WP2 - Module 2: Plan, pilot and document modifications
The next step will involve team members and senior managers in IRMNCHN in (i) identifying a district and 2-3 BHUs within which a Plan-Do-Study-Act26 approach is to be undertaken; and (ii) selecting priority “change ideas” to be piloted. Action will then move to the district and BHU level. PDSA cycles will be led by local managers and practitioners at the district and/or BHU level, with hands-on support from the research team.
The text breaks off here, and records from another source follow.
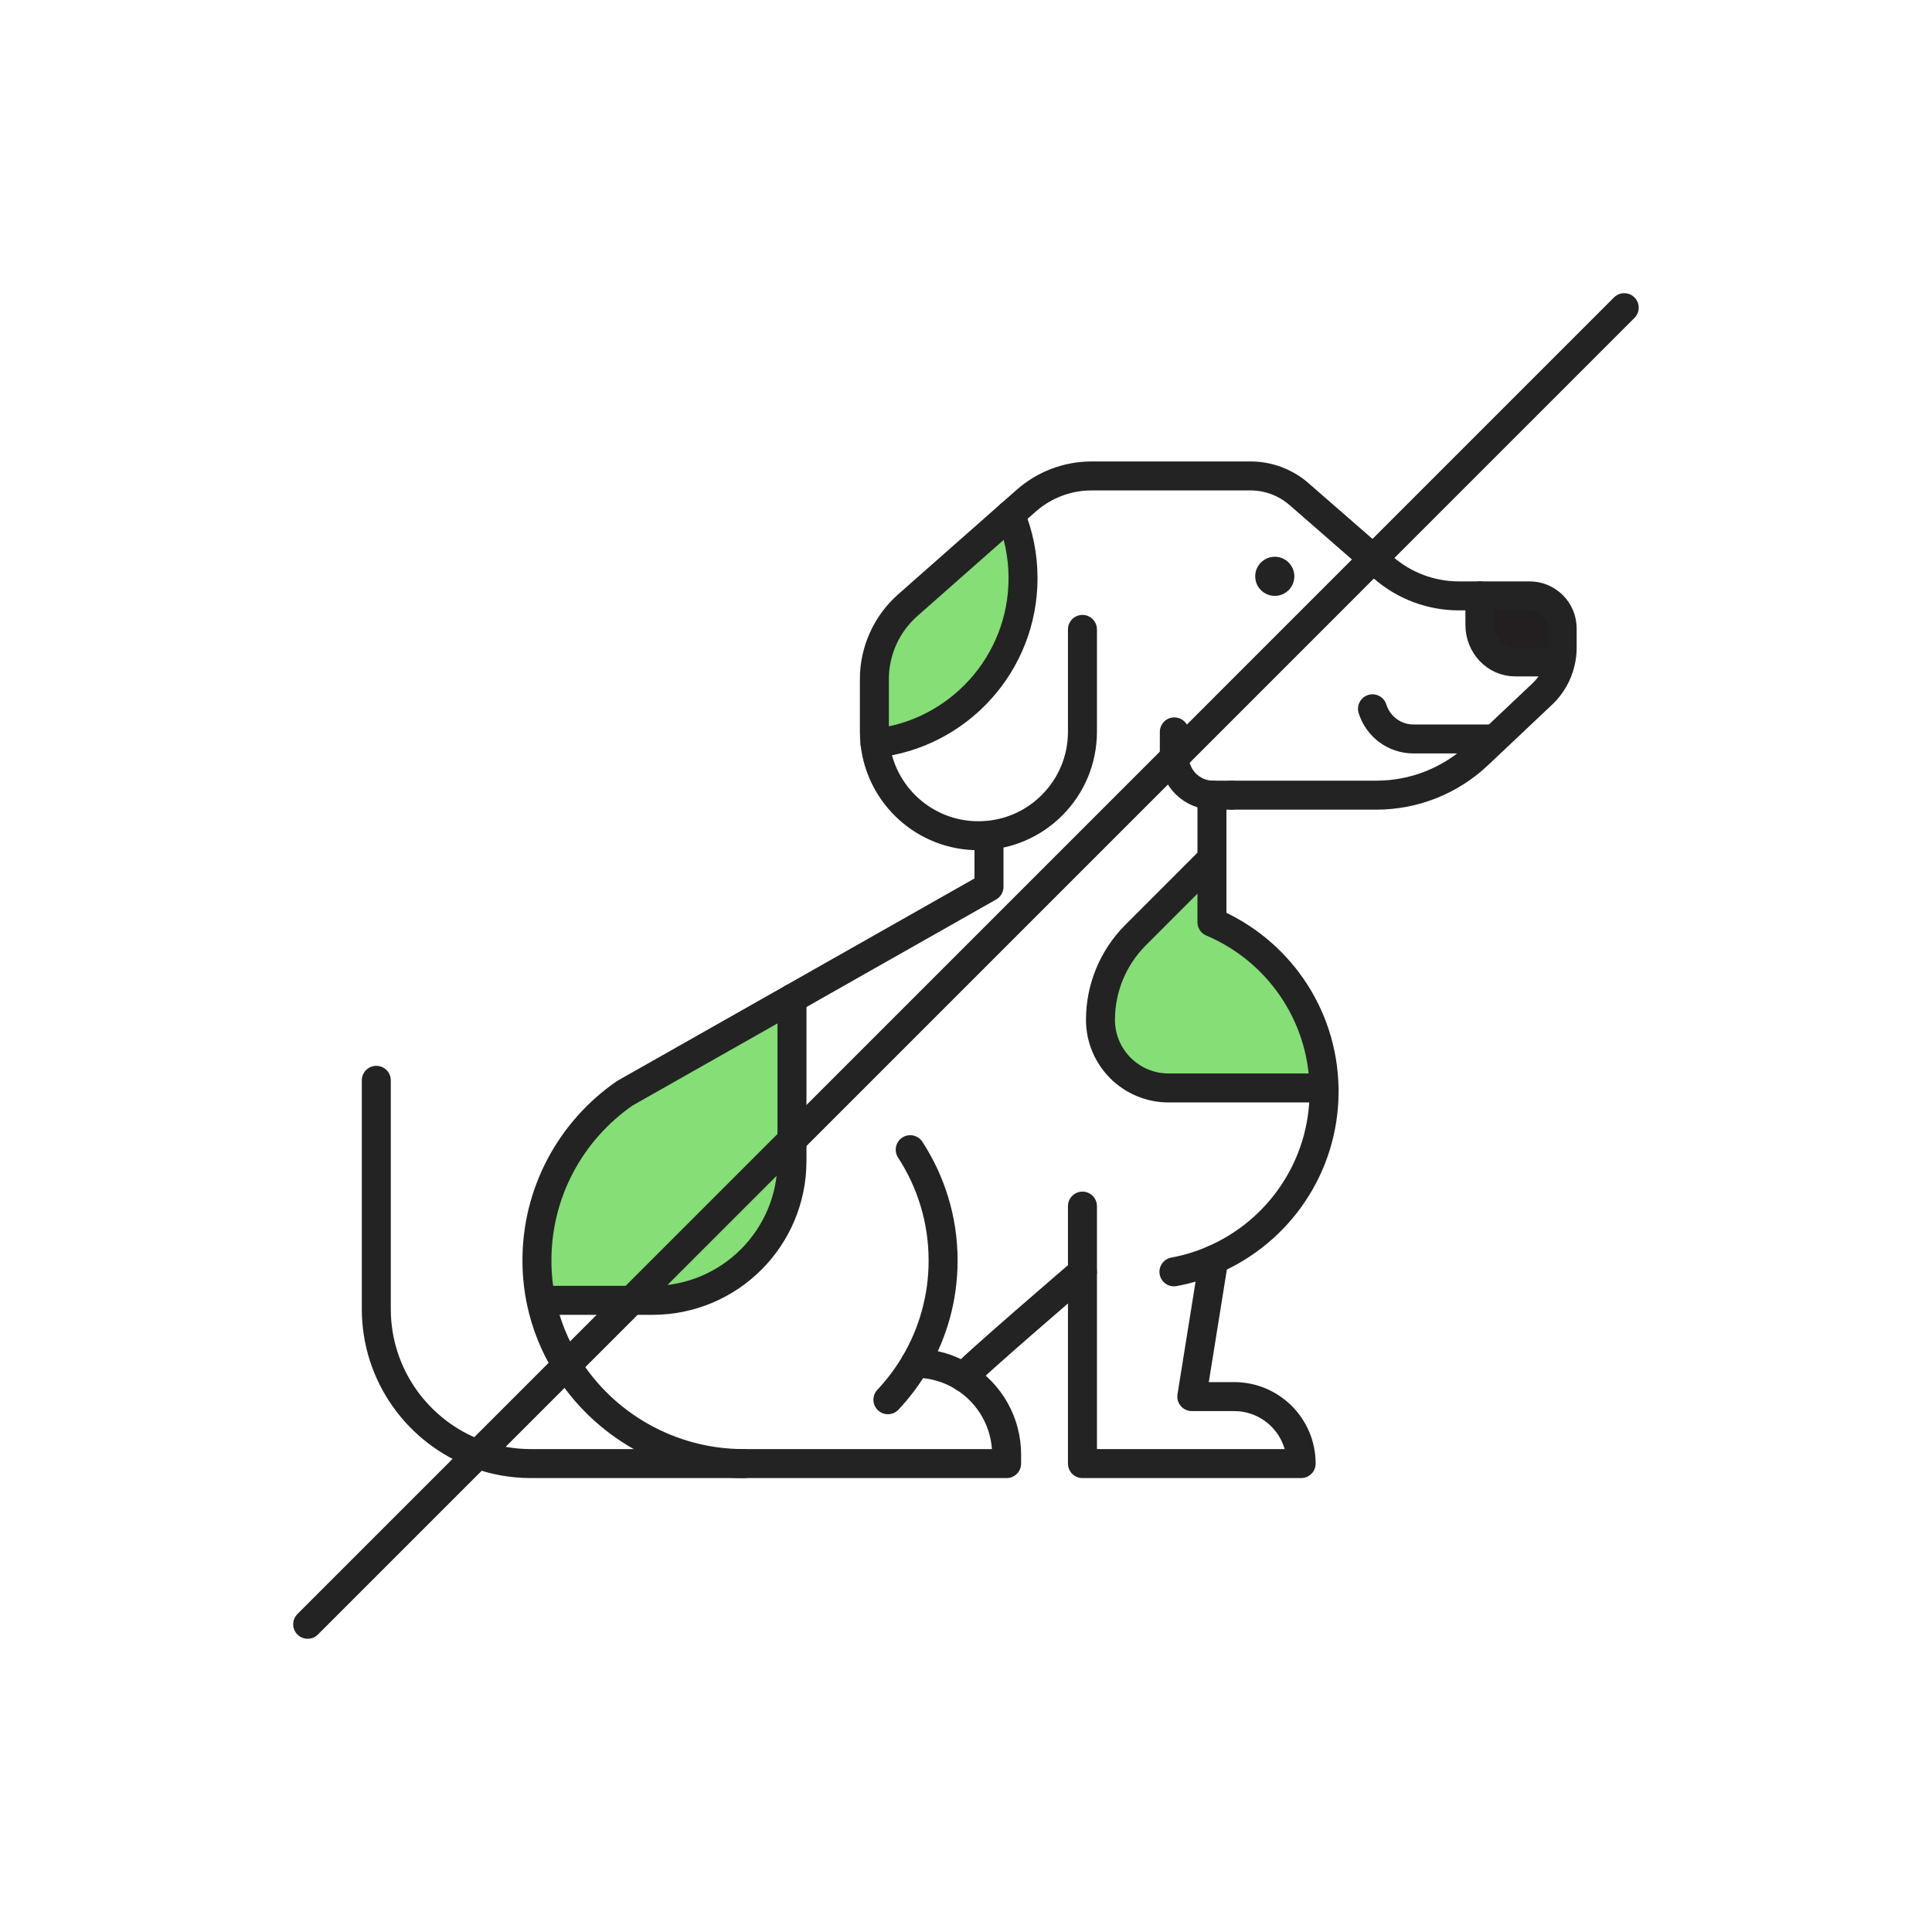 <svg width="400" height="400" viewBox="0 0 400 400" fill="none" xmlns="http://www.w3.org/2000/svg">
<path d="M323.43 130.12V134.1C323.43 135.13 323.31 136.15 323.07 137.14L322.65 137.04H313.71C309.67 137.04 306.4 133.62 306.4 129.39V123.37H316.69C320.41 123.37 323.43 126.39 323.43 130.12Z" fill="#231F20"/>
<path d="M274.13 225.25H241.95C238.05 225.25 234.53 223.67 231.97 221.12C229.42 218.56 227.84 215.03 227.84 211.14C227.84 204.56 230.46 198.25 235.11 193.6L250.92 177.78V190.93C264.37 196.61 273.85 209.81 274.13 225.25Z" fill="#85DE76"/>
<path d="M263.93 123.371C266.167 123.371 267.98 121.557 267.98 119.321C267.98 117.084 266.167 115.271 263.93 115.271C261.693 115.271 259.88 117.084 259.88 119.321C259.88 121.557 261.693 123.371 263.93 123.371Z" fill="#232323"/>
<path d="M209.2 106.54C210.88 110.6 211.81 115.04 211.81 119.7C211.81 137.43 198.4 152.02 181.16 153.88C181.07 153.1 181.03 152.3 181.03 151.49V140.61C181.03 134.76 183.54 129.19 187.93 125.31L209.2 106.54Z" fill="#85DE76"/>
<path d="M163.97 236.021V240.361C163.97 256.301 151.05 269.221 135.11 269.221H130.77L163.97 236.021Z" fill="#85DE76"/>
<path d="M163.97 206.74V236.02L130.77 269.22H113.35L112.05 269.49C111.5 266.89 111.2 264.19 111.17 261.43C111.01 246.88 118.26 234.01 129.37 226.34L163.97 206.74Z" fill="#85DE76"/>
<path d="M183.83 289.8C185.98 287.51 187.89 284.98 189.49 282.25C193.15 276.01 195.26 268.74 195.26 260.98C195.26 252.51 192.75 244.63 188.45 238.03" stroke="#232323" stroke-width="6" stroke-miterlimit="10" stroke-linecap="round" stroke-linejoin="round"/>
<path d="M199.51 285.12C196.61 283.3 193.17 282.25 189.49 282.25" stroke="#232323" stroke-width="6" stroke-miterlimit="10" stroke-linecap="round" stroke-linejoin="round"/>
<path d="M204.76 173.03V183.62L163.97 206.74L129.37 226.34C118.26 234.01 111.01 246.88 111.17 261.43C111.2 264.19 111.5 266.89 112.05 269.49C113.04 274.23 114.86 278.66 117.33 282.66C124.88 294.9 138.61 303.02 154 303.02H154.01H208.41V301.17C208.41 294.41 204.86 288.47 199.52 285.13" stroke="#232323" stroke-width="6" stroke-miterlimit="10" stroke-linecap="round" stroke-linejoin="round"/>
<path d="M224.11 249.71V263.32V303.02H269.39C269.39 299.19 267.84 295.72 265.33 293.21C262.81 290.7 259.35 289.15 255.51 289.15H246.75L251.3 260.8" stroke="#232323" stroke-width="6" stroke-miterlimit="10" stroke-linecap="round" stroke-linejoin="round"/>
<path d="M254.98 164.63H284.95C292.78 164.63 300.3 161.65 305.99 156.27C310.5 152.01 315.77 147.03 319.28 143.72C321.18 141.93 322.49 139.64 323.07 137.14C323.31 136.15 323.43 135.13 323.43 134.1V130.12C323.43 126.39 320.41 123.37 316.69 123.37H306.4H302.04C296.29 123.37 290.74 121.29 286.4 117.51L284.3 115.68L268.96 102.31C266.18 99.88 262.61 98.54 258.92 98.54H225.98C221.01 98.54 216.21 100.36 212.48 103.65L209.2 106.54L187.93 125.31C183.54 129.19 181.03 134.76 181.03 140.61V151.49C181.03 152.3 181.07 153.1 181.16 153.88C182.35 164.66 191.48 173.03 202.57 173.03C203.31 173.03 204.04 172.99 204.75 172.92C209.83 172.41 214.39 170.14 217.8 166.72C221.7 162.83 224.11 157.44 224.11 151.49V130.31" stroke="#232323" stroke-width="6" stroke-miterlimit="10" stroke-linecap="round" stroke-linejoin="round"/>
<path d="M243.05 263.32C245.93 262.79 248.69 261.94 251.3 260.79C264.75 254.94 274.14 241.54 274.14 225.95C274.14 225.72 274.14 225.48 274.13 225.25C273.85 209.81 264.37 196.61 250.92 190.93V177.78V164.63H251.17" stroke="#232323" stroke-width="6" stroke-miterlimit="10" stroke-linecap="round" stroke-linejoin="round"/>
<path d="M77.91 223.67V271.01C77.91 284.82 86.66 296.59 98.91 301.08C102.35 302.33 106.05 303.02 109.92 303.02H154" stroke="#232323" stroke-width="6" stroke-miterlimit="10" stroke-linecap="round" stroke-linejoin="round"/>
<path d="M306.4 123.37V129.39C306.4 133.62 309.67 137.04 313.71 137.04H322.65" stroke="#232323" stroke-width="6" stroke-miterlimit="10" stroke-linecap="round" stroke-linejoin="round"/>
<path d="M309.4 152.99H292.63C288.65 152.99 285.28 150.36 284.16 146.75" stroke="#232323" stroke-width="6" stroke-miterlimit="10" stroke-linecap="round" stroke-linejoin="round"/>
<path d="M199.52 285.13L199.51 285.12C199.51 284.42 224.11 263.32 224.11 263.32" stroke="#232323" stroke-width="6" stroke-miterlimit="10" stroke-linecap="round" stroke-linejoin="round"/>
<path d="M243.13 151.53V156.59C243.13 156.68 243.13 156.77 243.14 156.85C243.27 161.17 246.82 164.63 251.17 164.63H254.98" stroke="#232323" stroke-width="6" stroke-miterlimit="10" stroke-linecap="round" stroke-linejoin="round"/>
<path d="M163.97 206.74V236.02V240.36C163.97 256.3 151.05 269.22 135.11 269.22H130.77H113.35" stroke="#232323" stroke-width="6" stroke-miterlimit="10" stroke-linecap="round" stroke-linejoin="round"/>
<path d="M209.2 106.54C210.88 110.6 211.81 115.04 211.81 119.7C211.81 137.43 198.4 152.02 181.16 153.88" stroke="#232323" stroke-width="6" stroke-miterlimit="10" stroke-linecap="round" stroke-linejoin="round"/>
<path d="M250.92 177.78L235.11 193.6C230.46 198.25 227.84 204.56 227.84 211.14C227.84 215.03 229.42 218.56 231.97 221.12C234.53 223.67 238.05 225.25 241.95 225.25H274.13H274.14" stroke="#232323" stroke-width="6" stroke-miterlimit="10" stroke-linecap="round" stroke-linejoin="round"/>
<path d="M336.28 63.7L284.3 115.68L243.14 156.85L163.97 236.02L130.77 269.22L117.33 282.66L98.91 301.08L63.7 336.29" stroke="#232323" stroke-width="6" stroke-miterlimit="10" stroke-linecap="round" stroke-linejoin="round"/>
</svg>

The steps are:
(a) Establish the local team, roles and a shared understanding of the PDSA approach;
(b) Develop a ‘proof of concept’ piloting plan defining the elements of the 24/7 BHU initiative to be adjusted, articulating the ‘logic’ of the modifications and establishing success criteria;
(c) Define the scope and duration of the pilot (anticipate quick development cycles, 6-8 weeks);
(d) Develop a clear work plan for successful implementation of the modification(s);
(e) Identify and minimize any risks to the pilot;
(f) Determine a suitable monitoring system (likely to be both quantitative and qualitative);
(g) Implement the strategy;
(h) Evaluate effects quantitatively and qualitatively against the success criteria;
(i) Collectively discuss implications and agree on next steps (abandon, modify, expand);
(j) Repeat cycle with new or refined “change idea”
In addition to the monitoring and evaluation embedded within the PDSA cycles, team members will document the process as it unfolds through observation and informal interviews with the key actors in order to capture key learning. Products from WP2 will be co-produced by the research team and the policy/practice partners and will include:
- Documentation of each PDSA cycle undertaken describing the “change idea”, the ensuing system changes and outcomes observed, learning and follow on actions. We will experiment with visual, text-based and short video capture as ways of sharing learning across the programme.
- A reflective account of the PDSA process as a whole as it was undertaken and experienced across the sites and recommendations for future use of this approach by the government and PSPU.
- A longer-term improvement strategy capturing “change ideas” generated but not piloted during this project as well as system aspects warranting further attention as the ‘24/7 BHU’ initiative continues.